1 2 * * * sh /usr/local/bin/linux_backup.sh

If you do not leave your machine on overnight, it is probably best to schedule your backups for startup. Instead, append the following to your Cron file.

@reboot sh /usr/local/bin/linux_backup.sh

This will back up your machine when you reboot (i.e. start or restart) it.

You still want to avoid writing to files while the backup is being made. If you do write to file then it is possible that the logs will show the backup to have failed. However, it will not be the whole backup that has failed, only the backup of the files to which you have written.

To use Restic commands without having to manually enter the password for a repository (as we require when using Cron) you may set Restic's environment variable RESTIC_PASSWORD. To make this available system wide, add the following to the file /etc/environment.

RESTIC_PASSWORD=password

(This file should already exist and probably contains the PATH variable. If it doesn't exist then create it.)

Be sure that the scheduled job is being run as expected by checking that a snapshot has been created and by checking the log files.

Recovering the backup

To recover data from your backup first create the directory to which this data will be restored, /tmp/restored_work. You can restore entire snapshots or specific files and directories from a single snapshot. To restore a specific directory or file (with the path Path/) from a specific snapshot, with ID snapshotID, use the following command.

$ restic -r rclone:onedrive:Backup restore snapshotID --target /tmp/restored_work --include Path/To/Dir/Or/file

To restore the same directory or file from the latest snapshot use this.

$ restic -r rclone:onedrive:Backup restore latest --target /tmp/restored_work --include Path/To/Dir/Or/file

To restore a specific snapshot, with ID snapshotID, use this (it will of course take considerable time).

$ restic -r rclone:onedrive:Backup restore snapshotID --target /tmp/restored_work

And to restore the latest snapshot use this.

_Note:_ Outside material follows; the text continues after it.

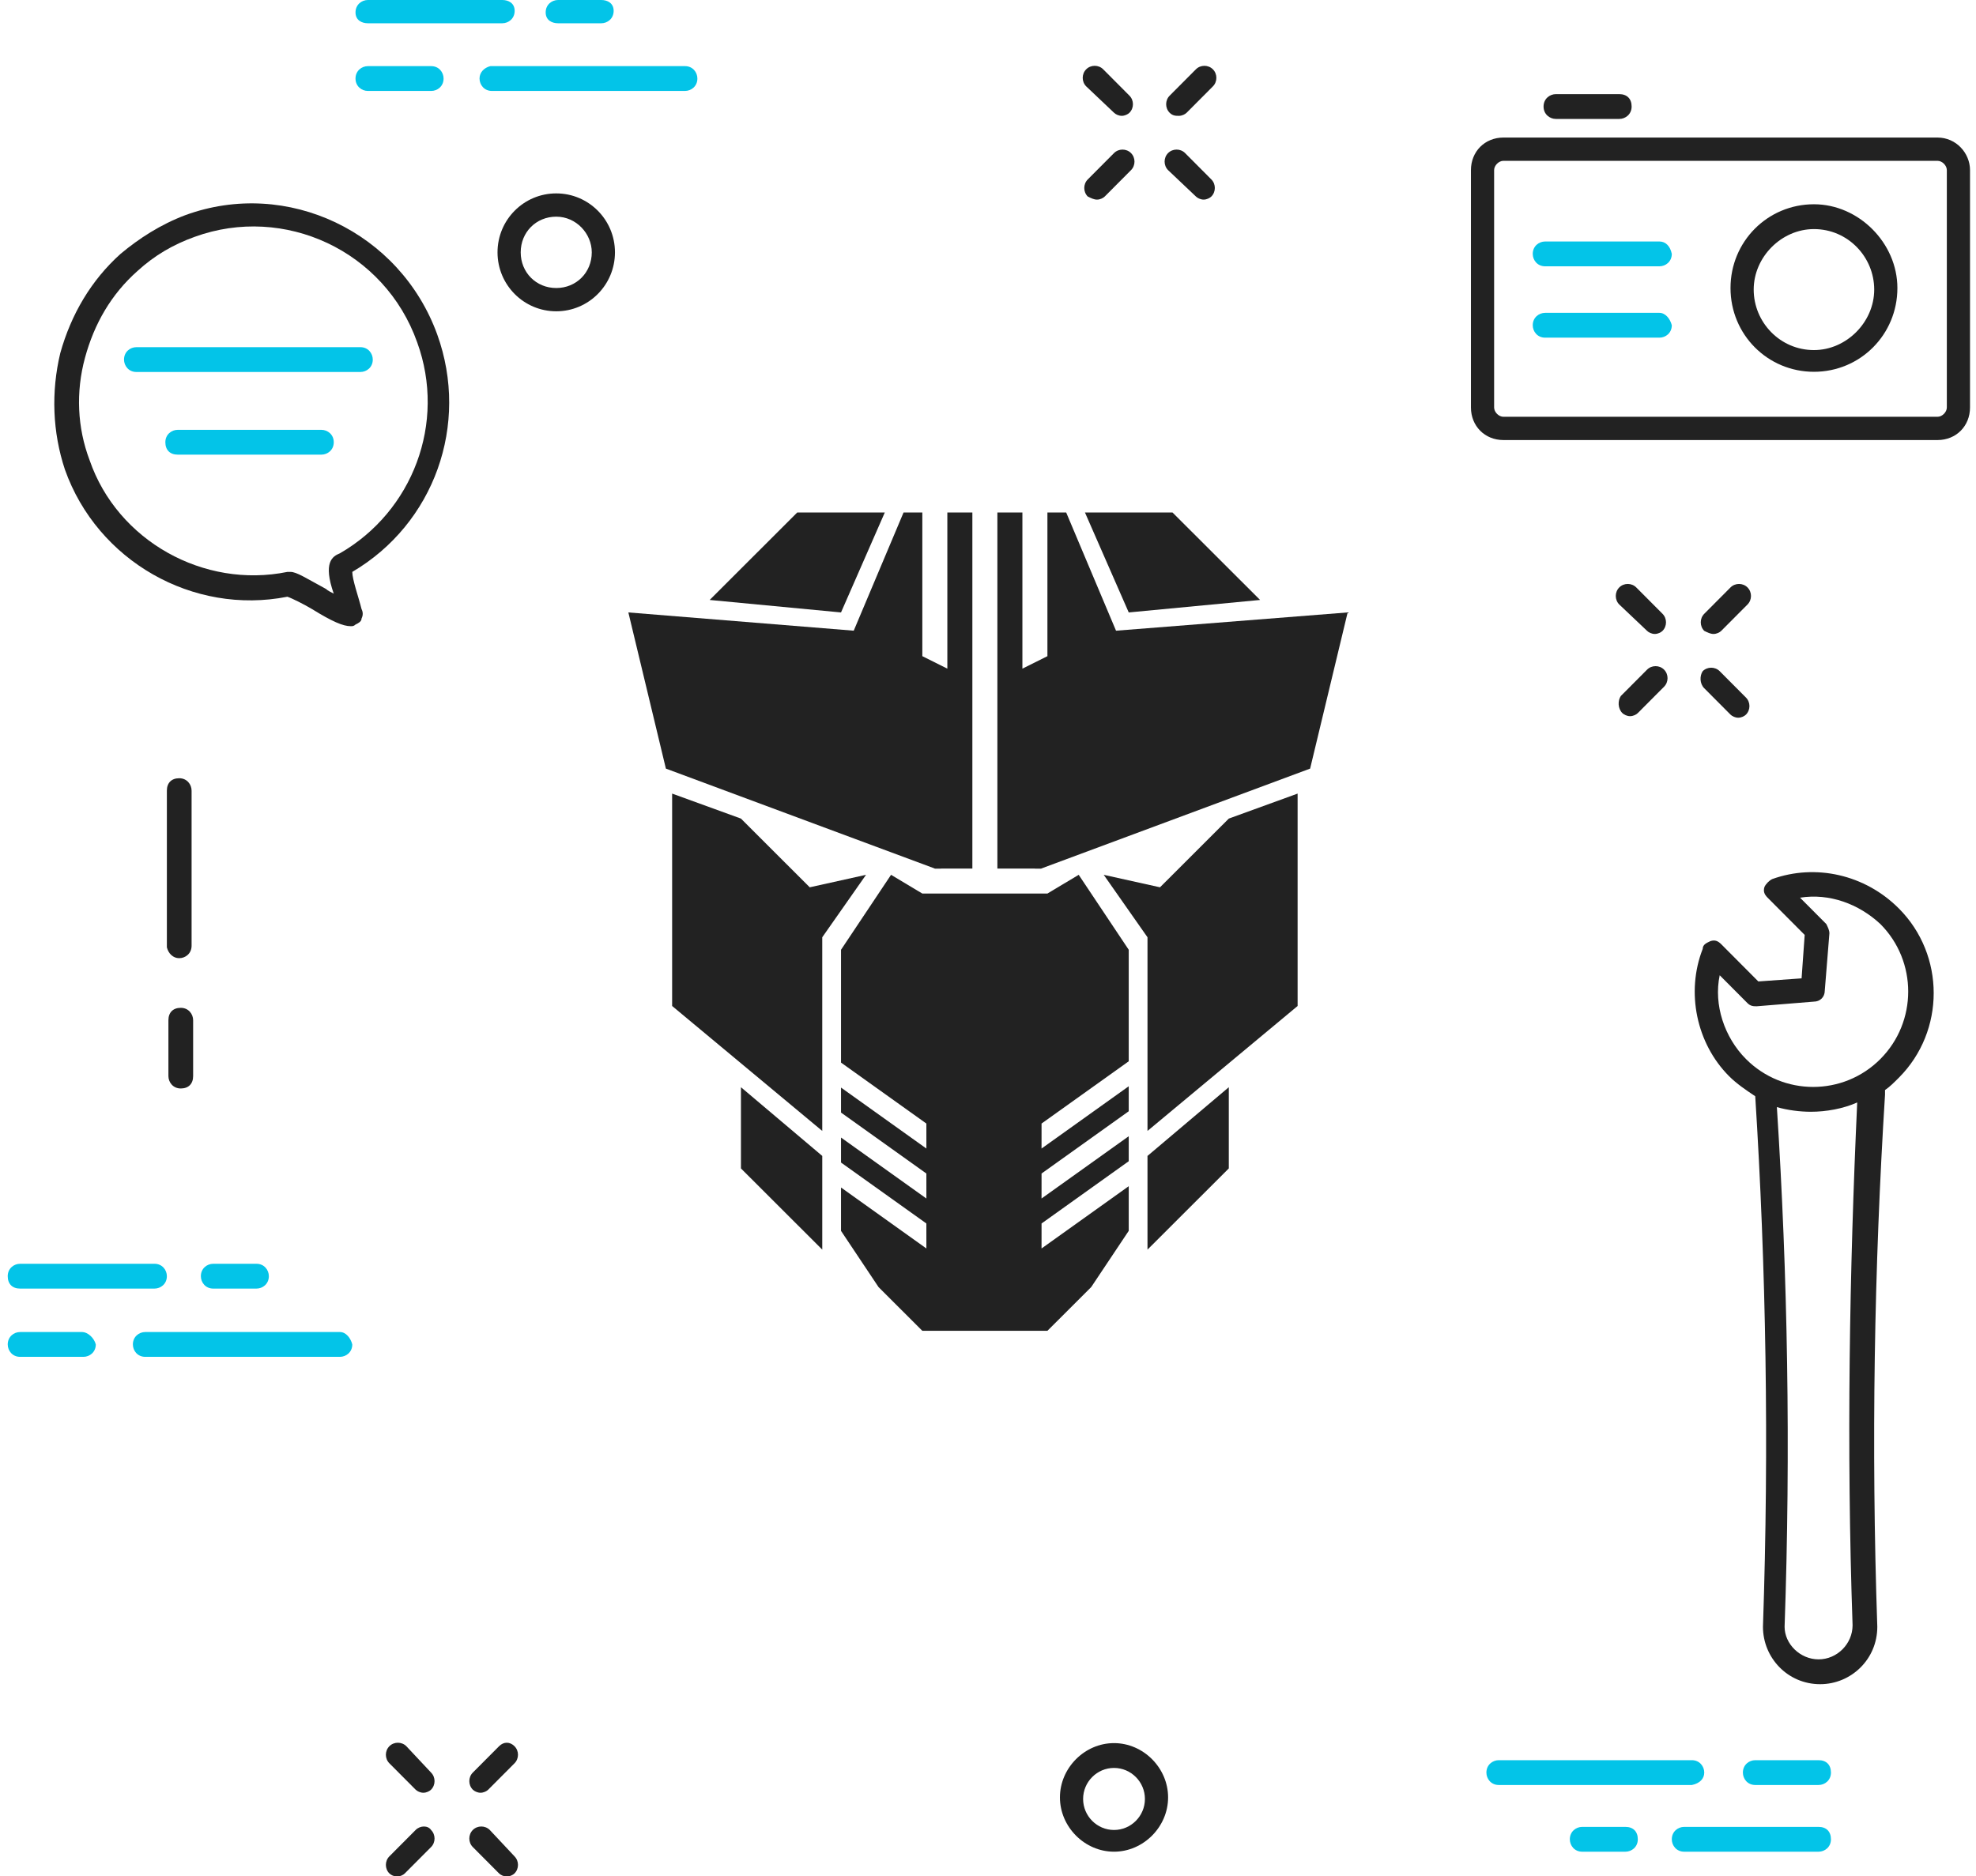 <svg height="227" viewBox="0 0 239 227" width="239" xmlns="http://www.w3.org/2000/svg"><g fill="none" fill-rule="evenodd"><g fill-rule="nonzero"><path d="m21.678 115.918c.748 0 1.495-.563 1.495-1.501v-18.767c0-.751-.561-1.501-1.495-1.501-.934 0-1.495.563-1.495 1.501v18.955c.187.751.748 1.314 1.495 1.314z" fill="#222"/><path d="m20.37 130.181c0 .751.561 1.501 1.495 1.501.934 0 1.495-.563 1.495-1.501v-6.756c0-.751-.561-1.501-1.495-1.501-.934 0-1.495.563-1.495 1.501z" fill="#222"/><path d="m60.176 30.528c0 3.941 3.177 7.131 7.102 7.131 3.925 0 7.102-3.19 7.102-7.131 0-3.941-3.177-7.131-7.102-7.131-3.925 0-7.102 3.19-7.102 7.131zm11.4 0c0 2.44-1.869 4.316-4.298 4.316-2.429 0-4.298-1.877-4.298-4.316 0-2.44 1.869-4.316 4.298-4.316 2.429 0 4.298 2.064 4.298 4.316z" fill="#222"/><path d="m134.742 210.878c-3.551 0-6.541 3.003-6.541 6.568s2.99 6.568 6.541 6.568 6.541-3.003 6.541-6.568-2.99-6.568-6.541-6.568zm0 10.509c-2.056 0-3.738-1.689-3.738-3.753s1.682-3.753 3.738-3.753 3.738 1.689 3.738 3.753-1.682 3.753-3.738 3.753z" fill="#222"/><g fill="#03c4e8"><path d="m206.132 214.444c0-.751-.561-1.501-1.495-1.501h-23.36c-.748 0-1.495.563-1.495 1.501 0 .751.561 1.501 1.495 1.501h23.36c.934-.188 1.495-.751 1.495-1.501z"/><path d="m219.961 212.943h-7.662c-.748 0-1.495.563-1.495 1.501 0 .751.561 1.501 1.495 1.501h7.662c.748 0 1.495-.563 1.495-1.501 0-.938-.561-1.501-1.495-1.501z"/><path d="m219.961 221.013h-16.259c-.748 0-1.495.563-1.495 1.501 0 .751.561 1.501 1.495 1.501h16.259c.748 0 1.495-.563 1.495-1.501s-.561-1.501-1.495-1.501z"/><path d="m196.601 221.013h-5.233c-.748 0-1.495.563-1.495 1.501 0 .751.561 1.501 1.495 1.501h5.233c.748 0 1.495-.563 1.495-1.501s-.561-1.501-1.495-1.501z"/><path d="m58 9.501c0 .751.561 1.501 1.495 1.501h23.36c.748 0 1.495-.563 1.495-1.501 0-.751-.561-1.501-1.495-1.501h-23.547c-.748.188-1.308.751-1.308 1.501z"/><path d="m44.495 11.003h7.662c.748 0 1.495-.563 1.495-1.501 0-.751-.561-1.501-1.495-1.501h-7.662c-.748 0-1.495.563-1.495 1.501 0 .938.748 1.501 1.495 1.501z"/><path d="m44.495 2.815h16.259c.748 0 1.495-.563 1.495-1.501s-.748-1.314-1.495-1.314h-16.259c-.748 0-1.495.563-1.495 1.501 0 .938.748 1.314 1.495 1.314z"/><path d="m67.495 2.815h5.233c.748 0 1.495-.563 1.495-1.501s-.748-1.314-1.495-1.314h-5.233c-.748 0-1.495.563-1.495 1.501 0 .938.748 1.314 1.495 1.314z"/><path d="m41.114 161.146h-23.547c-.748 0-1.495.563-1.495 1.501 0 .751.561 1.501 1.495 1.501h23.547c.748 0 1.495-.563 1.495-1.501-.187-.751-.748-1.501-1.495-1.501z"/><path d="m9.905 161.146h-7.475c-.748 0-1.495.563-1.495 1.501 0 .751.561 1.501 1.495 1.501h7.662c.748 0 1.495-.563 1.495-1.501-.187-.751-.934-1.501-1.682-1.501z"/><path d="m2.429 155.891h16.259c.748 0 1.495-.563 1.495-1.501 0-.751-.561-1.501-1.495-1.501h-16.259c-.748 0-1.495.563-1.495 1.501 0 .938.561 1.501 1.495 1.501z"/><path d="m31.023 155.891c.748 0 1.495-.563 1.495-1.501 0-.751-.561-1.501-1.495-1.501h-5.233c-.748 0-1.495.563-1.495 1.501 0 .751.561 1.501 1.495 1.501z"/></g><g fill="#222"><path d="m134.742 13.638c.187.188.561.375.934.375.374 0 .748-.188.934-.375.561-.563.561-1.501 0-2.064l-3.177-3.19c-.561-.563-1.495-.563-2.056 0-.561.563-.561 1.501 0 2.064z"/><path d="m144.647 23.772c.187.188.561.375.934.375.374 0 .748-.188.934-.375.561-.563.561-1.501 0-2.064l-3.177-3.19c-.561-.563-1.495-.563-2.056 0s-.561 1.501 0 2.064z"/><path d="m132.687 24.148c.374 0 .748-.188.934-.375l3.177-3.19c.561-.563.561-1.501 0-2.064s-1.495-.563-2.056 0l-3.177 3.19c-.561.563-.561 1.501 0 2.064.374.188.748.375 1.121.375z"/><path d="m142.591 14.014c.374 0 .748-.188.934-.375l3.177-3.19c.561-.563.561-1.501 0-2.064-.561-.563-1.495-.563-2.056 0l-3.177 3.19c-.561.563-.561 1.501 0 2.064.374.375.748.375 1.121.375z"/><path d="m199.217 76.32c.187.188.561.375.934.375.374 0 .748-.188.934-.375.561-.563.561-1.501 0-2.064l-3.177-3.19c-.561-.563-1.495-.563-2.056 0s-.561 1.501 0 2.064z"/><path d="m206.132 83.263 3.177 3.19c.187.188.561.375.934.375.374 0 .748-.188.934-.375.561-.563.561-1.501 0-2.064l-3.177-3.19c-.561-.563-1.495-.563-2.056 0-.374.563-.374 1.501.187 2.064z"/><path d="m196.227 86.266c.187.188.561.375.934.375.374 0 .748-.188.934-.375l3.177-3.19c.561-.563.561-1.501 0-2.064-.561-.563-1.495-.563-2.056 0l-3.177 3.19c-.374.563-.374 1.501.187 2.064z"/><path d="m207.253 76.695c.374 0 .748-.188.934-.375l3.177-3.19c.561-.563.561-1.501 0-2.064s-1.495-.563-2.056 0l-3.177 3.19c-.561.563-.561 1.501 0 2.064.374.188.748.375 1.121.375z"/><path d="m49.15 211.254c-.561-.563-1.495-.563-2.056 0-.561.563-.561 1.501 0 2.064l3.177 3.19c.187.188.561.375.934.375.374 0 .748-.188.934-.375.561-.563.561-1.501 0-2.064z"/><path d="m59.242 221.388c-.561-.563-1.495-.563-2.056 0s-.561 1.501 0 2.064l3.177 3.19c.187.188.561.375.934.375s.748-.188.934-.375c.561-.563.561-1.501 0-2.064z"/><path d="m50.271 221.388-3.177 3.19c-.561.563-.561 1.501 0 2.064.187.188.561.375.934.375.374 0 .748-.188.934-.375l3.177-3.19c.561-.563.561-1.501 0-2.064-.374-.563-1.308-.563-1.869 0z"/><path d="m60.363 211.254-3.177 3.19c-.561.563-.561 1.501 0 2.064.187.188.561.375.934.375.374 0 .748-.188.934-.375l3.177-3.19c.561-.563.561-1.501 0-2.064-.561-.563-1.308-.563-1.869 0z"/><path d="m42.609 69.188c9.905-5.818 14.203-17.829 10.279-28.713-4.485-12.386-18.128-18.955-30.462-14.451-2.99 1.126-5.606 2.815-7.849 4.692-3.551 3.19-5.98 7.319-7.288 12.011-1.121 4.692-.934 9.571.561 14.075 3.925 11.072 15.511 17.641 26.911 15.389.561.188 2.056.938 2.99 1.501 2.429 1.501 3.738 2.064 4.672 2.064.187 0 .374 0 .561-.188.374-.188.748-.375.748-.751.187-.375.187-.751 0-1.126-.374-1.501-1.121-3.566-1.121-4.504zm-2.243 2.627c-.374-.188-.748-.375-.934-.563-2.429-1.314-3.551-2.064-4.298-2.064h-.374c-10.092 2.064-20.557-3.753-23.921-13.512-1.495-3.941-1.682-8.257-.561-12.386 1.121-4.129 3.177-7.694 6.354-10.509 2.056-1.877 4.298-3.19 6.915-4.129 10.839-3.941 22.987 1.689 26.911 12.762 3.551 9.759-.561 20.456-9.344 25.523-.934.375-2.056 1.126-.748 4.879z"/></g><path d="m45.088 43.501c0-.751-.561-1.501-1.495-1.501h-27.098c-.748 0-1.495.563-1.495 1.501 0 .751.561 1.501 1.495 1.501h27.098c.748 0 1.495-.563 1.495-1.501z" fill="#03c4e8"/><path d="m38.875 52h-17.38c-.748 0-1.495.563-1.495 1.501 0 .938.561 1.501 1.495 1.501h17.38c.748 0 1.495-.563 1.495-1.501 0-.938-.748-1.501-1.495-1.501z" fill="#03c4e8"/><path d="m214.354 106.347c-.374.188-.748.563-.934.938-.187.563 0 .938.374 1.314l4.485 4.504-.374 5.255-5.233.375-4.485-4.504c-.374-.375-.748-.563-1.308-.375-.374.188-.934.375-.934.938-2.056 5.255-.748 11.448 3.177 15.389.934.938 2.056 1.689 3.177 2.44 1.308 20.644 1.682 42.226.934 64.183 0 3.753 2.99 6.944 6.915 6.944 3.738 0 6.915-3.003 6.915-6.944-.748-21.957-.374-43.539.934-64.371v-.563c.561-.375 1.121-.938 1.682-1.501 5.606-5.63 5.606-14.826 0-20.456-4.111-4.129-10.092-5.442-15.324-3.566zm9.718 90.269c0 2.252-1.869 4.129-4.111 4.129-2.243 0-4.111-1.877-4.111-3.941.748-21.394.374-42.601-.934-62.869 1.308.375 2.803.563 4.111.563 1.869 0 3.925-.375 5.606-1.126-.934 20.268-1.308 41.663-.561 63.245zm3.364-68.499c-4.485 4.504-11.774 4.504-16.259 0-2.616-2.627-3.925-6.568-3.177-10.134l3.364 3.378c.374.375.748.375 1.121.375l6.915-.563c.748 0 1.308-.563 1.308-1.314l.561-6.944c0-.375-.187-.751-.374-1.126l-3.177-3.19c3.551-.563 7.102.751 9.718 3.19 4.485 4.504 4.485 11.823 0 16.327z" fill="#222"/><path d="m234.351 16.641h-52.514c-2.243 0-3.925 1.689-3.925 3.941v28.713c0 2.252 1.682 3.941 3.925 3.941h52.514c2.243 0 3.925-1.689 3.925-3.941v-28.713c0-2.064-1.682-3.941-3.925-3.941zm1.121 32.654c0 .563-.561 1.126-1.121 1.126h-52.514c-.561 0-1.121-.563-1.121-1.126v-28.713c0-.563.561-1.126 1.121-1.126h52.514c.561 0 1.121.563 1.121 1.126z" fill="#222"/><path d="m219.4 24.711c-5.606 0-10.092 4.504-10.092 10.134 0 5.63 4.485 10.134 10.092 10.134 5.606 0 10.092-4.504 10.092-10.134 0-5.442-4.672-10.134-10.092-10.134zm0 17.641c-4.111 0-7.288-3.378-7.288-7.319s3.364-7.319 7.288-7.319c4.111 0 7.288 3.378 7.288 7.319s-3.364 7.319-7.288 7.319z" fill="#222"/><path d="m200.712 29.215h-13.829c-.748 0-1.495.563-1.495 1.501 0 .751.561 1.501 1.495 1.501h13.829c.748 0 1.495-.563 1.495-1.501-.187-.938-.748-1.501-1.495-1.501z" fill="#03c4e8"/><path d="m200.712 37.848h-13.829c-.748 0-1.495.563-1.495 1.501 0 .751.561 1.501 1.495 1.501h13.829c.748 0 1.495-.563 1.495-1.501-.187-.751-.748-1.501-1.495-1.501z" fill="#03c4e8"/><path d="m188.191 14.389h7.662c.748 0 1.495-.563 1.495-1.501s-.561-1.501-1.495-1.501h-7.662c-.748 0-1.495.563-1.495 1.501s.748 1.501 1.495 1.501z" fill="#222"/></g><g fill="#222" transform="translate(76 62)"><path d="m64.304 45.344-6.809-1.511 5.296 7.557v23.427l18.157-15.115v-25.695l-8.322 3.023z" fill-rule="nonzero"/><path d="m12.104 45.344-6.809-1.511 5.296 7.557v23.427l18.157-15.115v-25.695l-8.322 3.023z" fill-rule="nonzero" transform="matrix(-1 0 0 1 34.043 0)"/><path d="m25.722 78.641v-3.023l10.326 7.376-.002-3.024-10.324-7.375v-3.023l10.326 7.376-.002-3.024-10.324-7.375v-13.648l6.052-9.069 3.783 2.267h15.13l3.783-2.267 6.052 9.069v13.491l-10.544 7.532-.002 3.024 10.546-7.534v3.023l-10.544 7.532-.002 3.024 10.546-7.534v3.023l-10.544 7.532-.002 3.024 10.546-7.534v5.402l-4.539 6.802-5.296 5.29h-15.13l-5.296-5.29-4.539-6.802v-5.245l10.326 7.376-.002-3.024z"/><path d="m62.791 89.176 9.835-9.824v-9.824l-9.835 8.313z" fill-rule="nonzero"/><path d="m13.617 89.176 9.835-9.824v-9.824l-9.835 8.313z" fill-rule="nonzero" transform="matrix(-1 0 0 1 37.07 0)"/><path d="m38.583 0h3.026v43.076h-4.539l-9.835-28.718 6.052-14.359h2.27v17.382l3.026 1.511zm6.052 0h3.026v18.893l3.026-1.511v-17.382h2.27l6.052 14.359-9.078 28.718h-5.296z"/><g fill-rule="nonzero"><path d="m37.07 43.076-32.53-12.092-4.539-18.893 27.991 2.267 9.835 28.718z"/><path d="m86.243 43.076-32.53-12.092-4.539-18.893 28.748 2.267 9.078 28.718z" transform="matrix(-1 0 0 1 136.174 0)"/><path d="m60.522 12.092 15.887-1.511-10.591-10.58h-10.591z"/><path d="m15.13 12.092 15.887-1.511-10.591-10.58h-10.591z" transform="matrix(-1 0 0 1 40.852 0)"/></g></g></g></svg>

$ restic -r rclone:onedrive:Backup restore latest --target /tmp/restored_work

The really neat thing is that the directory /tmp/restored_work need not be on the machine from which your back up has been made. If this machine is, for example, irreparably damaged, you can simply restore data to a new machine in the same way (of course you will need your repository password).

Backing up to an external storage device with Restic

OneDrive is itself backed up, and this might make you think that a second storage medium is redundant. (For details on recovering data from OneDrive see Microsoft's advice here.) But the point is that OneDrive may be unavailable (if, say, your connection to it is broken) and that a third party has control of your account, which might be suspended or closed at any point. Hence the need for a second backup medium in the form of an external storage device.

On your external storage device again create a repository called Backup. This will be available as Path/To/External/Storage/Device/Backup.

$ restic -r Path/To/External/Storage/Device/Backup init

Then back up to it using the following command.

$ restic -r Path/To/External/Storage/Device/Backup backup Path/ --dry-run

If all is well run the same command without the dry-run flag. This will again take some considerable time.

$ restic -r Path/To/External/Storage/Device/Backup backup Path/

To schedule automatic backups using Cron we need change only the file /usr/local/bin/linux_backup.sh. Add the following line to it.

backup Path/To/External/Storage/Device/Backup

Again, check that the scheduled job runs as expected.

Final words

You are all done. If you have set things up so that Mail sends you alerts when a backup fails or a repository error is detected then you need never think about this again. If not then it is wise to check your log files intermittently.